PROBLEM REQUIREMENTS ▸
Would you please retype the records that follow, word for word?

################

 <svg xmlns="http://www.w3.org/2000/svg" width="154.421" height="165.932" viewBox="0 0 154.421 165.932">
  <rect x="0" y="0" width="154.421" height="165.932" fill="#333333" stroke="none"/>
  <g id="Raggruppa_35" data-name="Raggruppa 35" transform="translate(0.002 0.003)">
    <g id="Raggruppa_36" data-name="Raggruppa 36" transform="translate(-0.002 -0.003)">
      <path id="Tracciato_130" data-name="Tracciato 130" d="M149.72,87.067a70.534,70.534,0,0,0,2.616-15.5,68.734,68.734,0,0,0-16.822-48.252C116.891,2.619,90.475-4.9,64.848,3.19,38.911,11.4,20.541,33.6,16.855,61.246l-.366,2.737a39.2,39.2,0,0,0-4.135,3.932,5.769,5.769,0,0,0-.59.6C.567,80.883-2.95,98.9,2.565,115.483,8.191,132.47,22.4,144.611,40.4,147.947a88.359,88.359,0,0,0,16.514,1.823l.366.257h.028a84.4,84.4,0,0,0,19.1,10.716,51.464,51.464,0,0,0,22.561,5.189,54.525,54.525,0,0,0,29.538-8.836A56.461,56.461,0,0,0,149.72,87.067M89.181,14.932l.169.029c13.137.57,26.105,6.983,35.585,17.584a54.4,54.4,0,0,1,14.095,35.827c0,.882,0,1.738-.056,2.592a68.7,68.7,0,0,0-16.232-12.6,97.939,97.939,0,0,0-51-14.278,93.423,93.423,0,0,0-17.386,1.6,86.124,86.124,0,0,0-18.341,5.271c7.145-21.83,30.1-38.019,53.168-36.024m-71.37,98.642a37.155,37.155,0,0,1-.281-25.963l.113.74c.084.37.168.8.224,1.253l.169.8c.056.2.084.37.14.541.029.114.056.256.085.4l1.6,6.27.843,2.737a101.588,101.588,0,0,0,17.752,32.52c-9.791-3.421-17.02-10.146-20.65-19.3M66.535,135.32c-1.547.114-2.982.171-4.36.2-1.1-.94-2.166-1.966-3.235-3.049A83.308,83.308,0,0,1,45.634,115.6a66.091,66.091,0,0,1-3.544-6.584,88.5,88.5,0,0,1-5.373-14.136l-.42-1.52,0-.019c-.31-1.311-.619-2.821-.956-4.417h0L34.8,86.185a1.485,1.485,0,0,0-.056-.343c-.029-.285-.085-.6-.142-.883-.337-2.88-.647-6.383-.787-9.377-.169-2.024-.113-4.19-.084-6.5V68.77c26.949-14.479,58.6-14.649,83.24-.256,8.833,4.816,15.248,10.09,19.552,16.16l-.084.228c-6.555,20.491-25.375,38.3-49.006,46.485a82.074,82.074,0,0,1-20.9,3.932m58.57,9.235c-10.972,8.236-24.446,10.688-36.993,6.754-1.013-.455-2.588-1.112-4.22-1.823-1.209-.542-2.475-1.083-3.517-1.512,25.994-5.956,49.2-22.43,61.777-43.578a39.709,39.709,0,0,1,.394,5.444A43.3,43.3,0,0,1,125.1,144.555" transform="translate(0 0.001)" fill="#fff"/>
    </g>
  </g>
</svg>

################

ANSWER TO THIS TASK ▸
 <svg xmlns="http://www.w3.org/2000/svg" width="154.421" height="165.932" viewBox="0 0 154.421 165.932">
  <rect x="0" y="0" width="154.421" height="165.932" fill="#333333" stroke="none"/>
  <g id="Raggruppa_35" data-name="Raggruppa 35" transform="translate(0.002 0.003)">
    <g id="Raggruppa_36" data-name="Raggruppa 36" transform="translate(-0.002 -0.003)">
      <path id="Tracciato_130" data-name="Tracciato 130" d="M149.72,87.067a70.534,70.534,0,0,0,2.616-15.5,68.734,68.734,0,0,0-16.822-48.252C116.891,2.619,90.475-4.9,64.848,3.19,38.911,11.4,20.541,33.6,16.855,61.246l-.366,2.737a39.2,39.2,0,0,0-4.135,3.932,5.769,5.769,0,0,0-.59.6C.567,80.883-2.95,98.9,2.565,115.483,8.191,132.47,22.4,144.611,40.4,147.947a88.359,88.359,0,0,0,16.514,1.823l.366.257h.028a84.4,84.4,0,0,0,19.1,10.716,51.464,51.464,0,0,0,22.561,5.189,54.525,54.525,0,0,0,29.538-8.836A56.461,56.461,0,0,0,149.72,87.067M89.181,14.932l.169.029c13.137.57,26.105,6.983,35.585,17.584a54.4,54.4,0,0,1,14.095,35.827c0,.882,0,1.738-.056,2.592a68.7,68.7,0,0,0-16.232-12.6,97.939,97.939,0,0,0-51-14.278,93.423,93.423,0,0,0-17.386,1.6,86.124,86.124,0,0,0-18.341,5.271c7.145-21.83,30.1-38.019,53.168-36.024m-71.37,98.642a37.155,37.155,0,0,1-.281-25.963l.113.74c.084.37.168.8.224,1.253l.169.8c.056.2.084.37.14.541.029.114.056.256.085.4l1.6,6.27.843,2.737a101.588,101.588,0,0,0,17.752,32.52c-9.791-3.421-17.02-10.146-20.65-19.3M66.535,135.32c-1.547.114-2.982.171-4.36.2-1.1-.94-2.166-1.966-3.235-3.049A83.308,83.308,0,0,1,45.634,115.6a66.091,66.091,0,0,1-3.544-6.584,88.5,88.5,0,0,1-5.373-14.136l-.42-1.52,0-.019c-.31-1.311-.619-2.821-.956-4.417h0L34.8,86.185a1.485,1.485,0,0,0-.056-.343c-.029-.285-.085-.6-.142-.883-.337-2.88-.647-6.383-.787-9.377-.169-2.024-.113-4.19-.084-6.5V68.77c26.949-14.479,58.6-14.649,83.24-.256,8.833,4.816,15.248,10.09,19.552,16.16l-.084.228c-6.555,20.491-25.375,38.3-49.006,46.485a82.074,82.074,0,0,1-20.9,3.932m58.57,9.235c-10.972,8.236-24.446,10.688-36.993,6.754-1.013-.455-2.588-1.112-4.22-1.823-1.209-.542-2.475-1.083-3.517-1.512,25.994-5.956,49.2-22.43,61.777-43.578a39.709,39.709,0,0,1,.394,5.444A43.3,43.3,0,0,1,125.1,144.555" transform="translate(0 0.001)" fill="#fff"/>
    </g>
  </g>
</svg>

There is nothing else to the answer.